Yesterday’s post from No Passing Fancy, combined with a recent development in my own life got me to thinking. Near the end of Friday’s Voice Post I mentioned that something had happened and I was considering ranting about it.
Without going into too many details, the reason I wanted to rant is because someone had made a comment in a text message that I did not really appreciate. The comment hurt my feelings and did not exactly make me want to talk to that individual anytime in the near or far future. This does not mean I won’t talk to them just that I might not go out of my way to do so.
I was faced with a problem, however. I did not want to write or speak about this issue while I was still angry about it. I hadn’t gotten enough sleep Thursday night which was a contributing factor to how angry I was about it. After more rest on Friday, I felt better. When I felt better I didn’t see the point in discussing it at all.
Then yesterday, the same cycle repeated itself. I woke up after not enough sleep and was miffed about that text yet again. Now that I have had more rest, I feel better and am not going to spend the remaining part of this post discussing it.
The topic that came to mind after reading her post and what I’m trying to get at in this one is writing while angry. I write when I am in all kinds of different moods. I was sad when I wrote this. This post was written at a low point in my depression. I have written posts while happy (too many to link to just one), determined, nestalgic and bored.
The desire to write exists when I am in any number of different moods.

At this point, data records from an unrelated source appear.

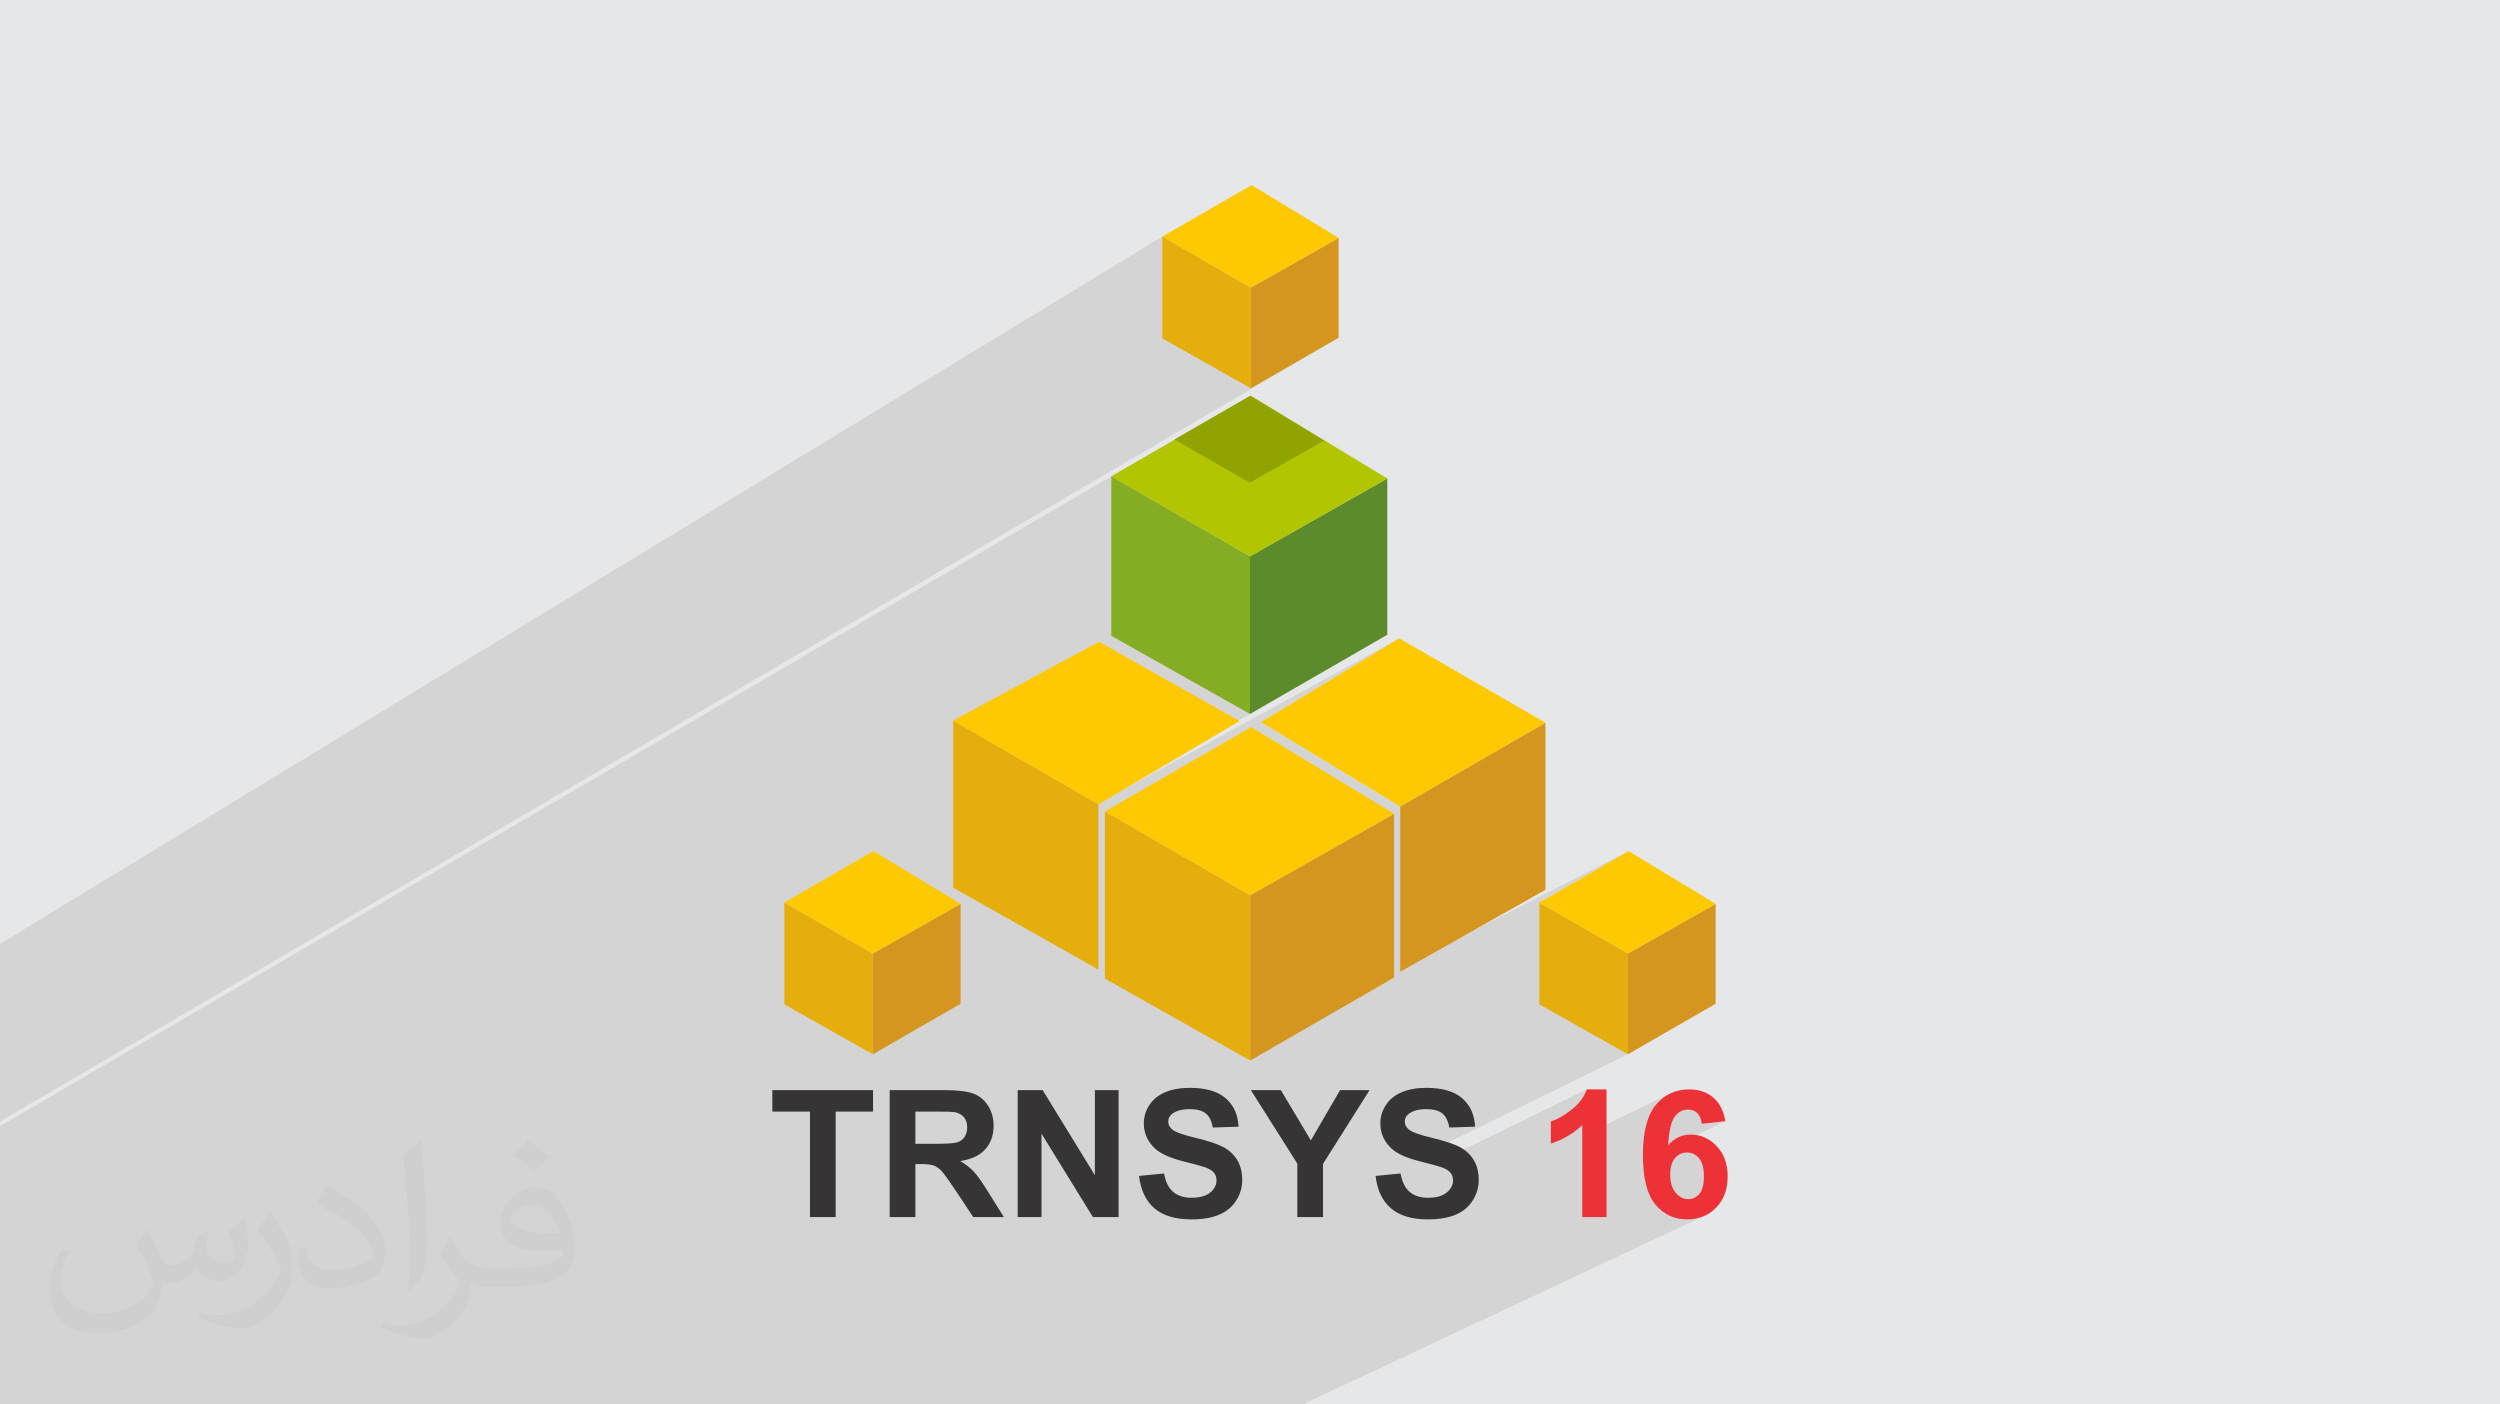 <?xml version="1.0" encoding="UTF-8"?>
<!DOCTYPE svg PUBLIC "-//W3C//DTD SVG 1.1//EN" "http://www.w3.org/Graphics/SVG/1.1/DTD/svg11.dtd">
<!-- Creator: CorelDRAW 2017 -->
<svg xmlns="http://www.w3.org/2000/svg" xml:space="preserve" width="356px" height="200px" version="1.1" style="shape-rendering:geometricPrecision; text-rendering:geometricPrecision; image-rendering:optimizeQuality; fill-rule:evenodd; clip-rule:evenodd"
viewBox="0 0 356000 200000"
 xmlns:xlink="http://www.w3.org/1999/xlink">
 <defs>
  <style type="text/css">
   <![CDATA[
    .fil6 {fill:#5C8B2B}
    .fil7 {fill:#85AD23}
    .fil9 {fill:#91A300}
    .fil8 {fill:#B1C501}
    .fil3 {fill:#D4961F}
    .fil4 {fill:#E5AE0D}
    .fil0 {fill:#E6E7E8}
    .fil5 {fill:#FEC900}
    .fil10 {fill:#373435;fill-rule:nonzero}
    .fil11 {fill:#ED3237;fill-rule:nonzero}
    .fil2 {fill:#373435;fill-opacity:0.031}
    .fil1 {fill:#373435;fill-opacity:0.102}
   ]]>
  </style>
 </defs>
 <g id="Layer_x0020_1">
  <polygon class="fil0" points="0,0 356000,0 356000,200000 0,200000 "/>
  <path class="fil1" d="M178890 200000l-6410 0 -3320 0 -4660 0 -3150 0 -900 0 -890 0 -630 0 -6260 0 -1420 0 -4900 0 -1870 0 -230 0 -300 0 -610 0 -5060 0 -130 0 -3970 0 -350 0 -3510 0 -170 0 -600 0 -130 0 -3200 0 -7190 0 -2020 0 -1370 0 -3770 0 -690 0 -810 0 -4420 0 -570 0 -1660 0 -1270 0 -180 0 -590 0 -3860 0 -220 0 -2170 0 -810 0 -2430 0 -750 0 -1140 0 -460 0 -3710 0 -620 0 -3430 0 -2590 0 -480 0 -20 0 -750 0 -180 0 -3320 0 -1430 0 -2890 0 -880 0 -370 0 -1800 0 -3030 0 -40 0 -440 0 -4910 0 -8140 0 -5630 0 -2670 0 -530 0 -1050 0 -740 0 -530 0 -170 0 -780 0 -1570 0 -370 0 -5010 0 -910 0 -4420 0 -19270 0 -600 0 -420 0 -3140 0 -870 0 -90 0 -610 0 -840 0 0 0 -240 0 -350 0 0 -570 0 -8690 0 -220 0 -10300 0 -100 0 -10 0 -500 0 -8450 0 -10690 0 -80 0 -10 0 0 158250 -92550 10 10 8990 -5260 10780 -6220 10520 6380 -19590 11270 9040 5210 19550 -11080 -19550 11090 0 22440 -22480 12350 770 440 42950 -23560 -19680 11930 18990 11510 21520 -11430 -20680 11930 0 10 0 23000 32520 -16660 -12700 7330 11870 6840 13230 -6650 -12490 7070 0 14350 -30550 14990 350 100 700 190 540 140 490 120 440 120 250 60 21920 -10720 -160 410 -200 390 -220 380 -260 370 -290 350 -320 350 -350 320 -380 320 -390 300 -390 270 -370 250 -380 220 -360 200 -1050 510 0 2620 4470 -2170 0 1560 12590 -6100 -580 310 -550 380 -510 450 -470 510 -430 600 -380 680 -310 770 -260 850 -100 450 5020 -2420 240 -110 250 -80 260 -40 270 -20 200 10 190 20 180 40 180 50 160 70 150 90 150 100 130 110 120 130 110 150 100 170 90 180 70 200 70 220 40 230 40 250 3360 -370 -11720 5610 10 420 80 1090 0 30 5230 -2490 220 -90 230 -60 230 -40 250 -10 250 10 240 40 230 70 230 90 210 110 200 140 180 170 180 190 160 220 140 250 120 280 100 310 80 340 50 370 30 400 10 420 -10 420 -30 380 -50 360 -70 320 -90 300 -110 260 -130 230 -150 210 -160 170 -180 160 -180 130 -200 100 -4350 2060 250 180 550 300 580 230 600 170 640 100 670 30 620 -30 600 -80 560 -130 540 -180 510 -240 -57570 27020 -6580 0zm-178890 -40300l0 -100 0 -12010 0 -330 0 -250 0 -12600 165520 -100730 12610 7270 12490 -7070 -12490 7450 0 13970 12490 -7210 -190620 111610z"/>
  <path class="fil2" d="M21020 175160c670,1030 1110,2020 1550,3110 310,640 480,1830 1980,1830 440,0 1070,-150 1630,-450 630,-330 1110,-820 1350,-1590l610 -2010 1450 -720 100 100c-190,760 -240,1480 -240,2060 0,1690 1450,2330 2620,2330 680,0 1280,-330 1280,-950 0,-810 -340,-2160 -780,-3380 680,-680 1360,-1360 2140,-1910l120 60c340,1440 530,2860 530,3810 0,920 -410,1950 -750,2630 -700,1310 -1940,2360 -3440,2360 -1140,0 -2400,-570 -3270,-1630l-50 0c-830,1010 -2090,1940 -4120,1940l-630 0c-100,1340 -390,2290 -820,3130 -1220,2360 -4800,4030 -8170,4030 -4700,0 -7050,-2710 -7050,-6310 0,-2230 720,-4300 1840,-5760l920 370c-700,1340 -1160,2600 -1160,3840 0,3380 2740,4990 5910,4990 2930,0 6570,-1880 7220,-4040 -240,-2360 -1140,-3470 -2500,-5640 420,-720 950,-1440 1600,-2200l130 0 0 0zm54140 -12710c990,620 1960,1360 2900,2200 -530,740 -1180,1420 -2010,2010 -940,-760 -1890,-1420 -2860,-2120 660,-730 1310,-1450 1970,-2090zm510 9240c-1600,0 -2910,1040 -2910,1820 0,1670 3200,2190 7020,2170 -480,-1960 -2150,-3990 -4110,-3990zm-3590 8920c2080,0 3900,-60 5280,-400 1550,-390 2860,-1180 2860,-1710 0,-150 0,-310 -50,-460 -870,90 -1860,90 -2740,90 -2810,0 -4960,-640 -5810,-2230 -220,-430 -360,-930 -360,-1480 0,-1530 650,-3020 1810,-4050 970,-840 2040,-1380 3130,-1380 1960,0 3540,1590 4630,4070 600,1360 1010,2920 1010,4900 0,1320 -360,2420 -1180,3250 -1530,1480 -4340,2040 -8650,2040l-1970 0 0 0 -510 0c-1060,0 -1840,-190 -2440,-660l-100 0c20,240 50,490 50,720 0,970 -320,2200 -970,3190 -1920,2850 -4000,4090 -5790,4090 -1820,0 -4050,-700 -6060,-1610l360 -690c660,260 1550,440 2790,440 3250,0 7510,-3120 8040,-6160 -120,-250 -330,-580 -650,-930 -940,-1130 -1550,-2070 -2110,-3060 490,-950 920,-1710 1340,-2390l160 -20c1390,2820 2650,4440 5460,4440l430 0 0 0 2040 0 0 0zm-14060 2990c240,-1300 260,-2760 260,-4110l0 -2020c0,-3770 -480,-9240 -870,-12800 680,-750 1630,-1600 2380,-2180l210 60c510,4480 640,9690 640,14480 0,1260 -50,2500 -170,3390 -80,1140 -730,2000 -2140,3320l-310 -140 0 0zm-14470 -5950c70,1770 940,3160 3970,3160 1890,0 3490,-490 5260,-1320 310,-150 480,-330 480,-500 0,-1110 -840,-2570 -2280,-3910 -1380,-1260 -3220,-2370 -4940,-3100 -580,-250 -770,-520 -770,-760 0,-520 680,-1590 1230,-2350l200 -20c1960,1030 4160,2550 5790,4250 1480,1570 2400,3150 2400,4880 0,1280 -390,2490 -1020,3600 -2160,1090 -4460,1910 -6740,1910 -2760,0 -4650,-1290 -4650,-4330 0,-330 0,-850 120,-1510l950 0 0 0zm-5000 -5020l1720 2780c630,1030 1210,2140 1210,3910l0 2260c0,1830 -1170,3790 -3060,5720 -1470,1310 -2780,1870 -3990,1870 -1800,0 -3860,-560 -6230,-1590l260 -690c760,210 1630,370 2700,370 3410,-20 6900,-2510 8500,-5560 190,-350 270,-680 270,-910 0,-350 -200,-730 -340,-1080 -870,-1650 -1840,-3150 -2910,-4530 560,-880 1110,-1730 1720,-2570l150 20 0 0z"/>
  <g id="_2301271942880">
   <g>
    <polygon class="fil3" points="124290,135780 136790,128710 136790,142930 124290,150130 "/>
    <polygon class="fil4" points="111690,143020 124290,150130 124290,135780 111690,128520 "/>
    <polygon class="fil5" points="124290,135780 111690,128520 124380,121190 136790,128710 124290,135780 "/>
    <polygon class="fil3" points="231820,135780 244310,128710 244310,142930 231820,150130 "/>
    <polygon class="fil4" points="219210,143020 231820,150130 231820,135780 219210,128520 "/>
    <polygon class="fil5" points="231820,135780 219210,128520 231910,121190 244310,128710 231820,135780 "/>
    <polygon class="fil3" points="178030,127480 198520,115880 198520,139200 178030,151020 "/>
    <polygon class="fil4" points="157330,139350 178030,151020 178030,127480 157330,115550 "/>
    <polygon class="fil5" points="178030,127480 157330,115550 178170,103540 198520,115880 178030,127480 "/>
    <polygon class="fil4" points="135730,126410 156420,138070 156420,114540 135730,102610 135730,126410 "/>
    <polygon class="fil5" points="156420,114540 135730,102610 156500,91380 176510,102680 156420,114540 "/>
    <polygon class="fil3" points="220070,126710 199390,138380 199390,114840 220070,102910 "/>
    <polygon class="fil5" points="199390,114850 220070,102910 199240,90900 179560,102830 199390,114850 "/>
    <polygon class="fil6" points="178000,79220 197550,68140 197550,90390 178000,101670 "/>
    <polygon class="fil7" points="158250,90540 178000,101670 178000,79220 158250,67830 "/>
    <polygon class="fil8" points="178000,79220 158250,67830 178130,56360 197550,68140 "/>
    <polygon class="fil3" points="178130,40950 190620,33880 190620,48090 178130,55300 "/>
    <polygon class="fil4" points="165520,48190 178130,55300 178130,40950 165520,33680 "/>
    <polygon class="fil5" points="178130,40950 165520,33680 178230,26360 190620,33880 178130,40950 "/>
    <polygon class="fil9" points="177950,68750 167250,62580 178030,56360 188550,62740 "/>
   </g>
   <g>
    <path class="fil10" d="M115340 173310l0 -15020 -5360 0 0 -3060 14340 0 0 3060 -5320 0 0 15020 -3660 0zm11350 0l0 -18080 7690 0c1930,0 3340,170 4210,490 880,330 1580,900 2110,1730 520,830 790,1780 790,2850 0,1360 -400,2480 -1190,3360 -800,890 -1990,1440 -3570,1670 790,460 1440,970 1950,1520 510,550 1200,1530 2070,2940l2200 3520 -4360 0 -2620 -3950c-940,-1400 -1580,-2280 -1930,-2650 -350,-360 -710,-610 -1100,-750 -390,-130 -1000,-200 -1850,-200l-740 0 0 7550 -3660 0zm3660 -10430l2700 0c1750,0 2840,-70 3280,-220 440,-150 780,-400 1020,-760 250,-370 380,-820 380,-1360 0,-610 -170,-1100 -490,-1480 -330,-370 -790,-610 -1370,-710 -300,-40 -1190,-60 -2670,-60l-2850 0 0 4590zm14570 10430l0 -18080 3550 0 7440 12120 0 -12120 3380 0 0 18080 -3660 0 -7320 -11880 0 11880 -3390 0zm17280 -5860l3560 -350c210,1190 640,2060 1290,2620 660,560 1540,840 2640,840 1170,0 2050,-250 2650,-750 590,-490 890,-1070 890,-1740 0,-430 -130,-790 -370,-1090 -250,-300 -690,-560 -1310,-780 -430,-150 -1390,-410 -2910,-790 -1950,-490 -3320,-1090 -4100,-1800 -1110,-1000 -1660,-2210 -1660,-3650 0,-920 260,-1780 780,-2590 520,-800 1270,-1410 2250,-1830 980,-420 2160,-630 3550,-630 2260,0 3960,500 5100,1500 1140,1010 1740,2350 1800,4030l-3660 120c-160,-930 -490,-1600 -1000,-2010 -510,-410 -1270,-610 -2290,-610 -1050,0 -1880,220 -2470,650 -380,280 -580,660 -580,1130 0,430 180,790 550,1100 450,390 1570,790 3340,1210 1770,420 3080,860 3930,1300 850,450 1510,1060 1990,1840 480,780 720,1740 720,2880 0,1040 -280,2010 -860,2910 -580,910 -1390,1580 -2440,2020 -1050,440 -2370,660 -3940,660 -2280,0 -4040,-530 -5260,-1580 -1220,-1050 -1950,-2590 -2190,-4610zm22540 5860l0 -7610 -6620 -10470 4270 0 4280 7160 4160 -7160 4200 0 -6630 10500 0 7580 -3660 0zm11140 -5860l3560 -350c210,1190 640,2060 1290,2620 650,560 1530,840 2640,840 1170,0 2050,-250 2650,-750 590,-490 890,-1070 890,-1740 0,-430 -130,-790 -380,-1090 -240,-300 -680,-560 -1300,-780 -430,-150 -1400,-410 -2910,-790 -1950,-490 -3320,-1090 -4100,-1800 -1110,-1000 -1660,-2210 -1660,-3650 0,-920 260,-1780 780,-2590 520,-800 1270,-1410 2250,-1830 980,-420 2160,-630 3550,-630 2250,0 3960,500 5100,1500 1140,1010 1740,2350 1800,4030l-3660 120c-160,-930 -490,-1600 -1000,-2010 -510,-410 -1270,-610 -2290,-610 -1050,0 -1880,220 -2470,650 -380,280 -580,660 -580,1130 0,430 180,790 550,1100 450,390 1570,790 3340,1210 1770,420 3080,860 3930,1300 850,450 1510,1060 1990,1840 480,780 720,1740 720,2880 0,1040 -290,2010 -860,2910 -580,910 -1390,1580 -2440,2020 -1060,440 -2370,660 -3940,660 -2280,0 -4040,-530 -5260,-1580 -1230,-1050 -1950,-2590 -2190,-4610z"/>
    <path class="fil11" d="M228770 173310l-3460 0 0 -13090c-1260,1190 -2750,2070 -4470,2640l0 -3160c910,-290 1890,-850 2940,-1680 1060,-830 1790,-1790 2180,-2890l2810 0 0 18180zm16920 -13650l-3360 370c-80,-690 -300,-1200 -640,-1530 -340,-320 -790,-490 -1340,-490 -730,0 -1350,330 -1860,990 -500,650 -820,2020 -950,4100 860,-1020 1930,-1530 3220,-1530 1440,0 2680,550 3710,1660 1030,1100 1550,2520 1550,4270 0,1850 -550,3340 -1630,4460 -1090,1120 -2480,1680 -4180,1680 -1820,0 -3320,-710 -4500,-2130 -1170,-1430 -1760,-3750 -1760,-6990 0,-3320 610,-5720 1840,-7190 1220,-1460 2810,-2200 4770,-2200 1370,0 2510,390 3410,1160 900,770 1470,1900 1720,3370zm-7850 7570c0,1120 260,2000 770,2610 520,610 1110,920 1780,920 640,0 1170,-250 1600,-750 430,-510 640,-1330 640,-2480 0,-1170 -230,-2040 -690,-2590 -460,-550 -1030,-820 -1720,-820 -670,0 -1230,260 -1690,790 -460,520 -690,1290 -690,2320z"/>
   </g>
  </g>
 </g>
</svg>

The desire to write does not exist when I am angry. I have written angry before in my life. When I was doing the original Combat-Hooligans.com site I would write about news stories that made me angry all the time. Each day covering Boxing at the 2008 Olympics left me angrier than any person aught to be because of how that sport is contested.
As discussed in this voice post, I tend to use more bad language when I am around people who use more bad language and I also tend to use more bad language when I am angry. But I really don’t like to swear when I write, even more than when I speak. When I speak I can say (and sometimes it is true) that it just slipped out. But since writing can always be edited, if I swear in a post that means it was intentional. But it always feels unnatural to me to type swear words into a written post, even when I’m angry.
When I would write angry, I would often wonder if my anger was going to far. Perhaps I was just overdoing it a bit to get attention. Often while writing angry I would attempt to lighten the mood of my post with humor. Humor stemming from anger is never as funny to me as I think it is when I first come up with it.
Now you know that you will see me write in the midst of sadness and depression, happiness and determination, boredom and excitement but hopefully you will not see me write angry. I’m not saying that it is wrong to write while angry because for some people that might be the way that they calm down. I’m also not saying that it is wrong to be angry. Anger is a natural human emotion and can sometimes even be a righteous one. It is when anger is taken too far that it becomes an issue. I don’t write angry because for me it never turns out to be writing of any quality. Also, I’m not telling you about why I don’t write in anger to brag. In truth, I have very little if anything to brag about particularly when it comes to anger.
I’m not going to say that writing in anger hasn’t even worked out for me. Last Valentine’s post I wrote something in a fit of anger. That post became the inspiration for over a dozen more posts about living life with a visual impairment. I don’t think I would have written any of those if that first post hadn’t been inspired by anger. This is why I’m not going to guarantee that I will never write in the throws of an angry mood because I could. But the reason you don’t see all of those posts archived on this site is because I think they could be better. Even though people liked them, I feel that they could be structured better and have a much different tone with some editing. Anger might have produced that series but it didn’t make it a quality one from the viewpoint of the author although I know the readers felt different.
How did I cope with the anger from the other day? I talked to No Passing Fancy and explained the situation. I also pointed out that I’d probably be less anger if I had slept more and she agreed with that assessment. She encouraged me to sleep and said that I would feel better when I woke up again and she was correct. After that, I essentially moved on and dd not dwell on the subject. I might not have even mentioned the text at all on this blog if her post didn’t get me thinking about anger in general. I can tell you that I certainly don’t plan to bring it up again in the future as I don’t see what good that would do.
I always try one of two things with this section of my post. Either I try to tie it in with the subject at hand or I try to end on a happy note. Today, I am going to opt for the latter approach. Here is a song about Unicorns. In fact, here is ‘The Unicorn’ by The Irish Rovers.
I dare you to listen to this and not smile. Although in fairness, the ending is a bit of a downer.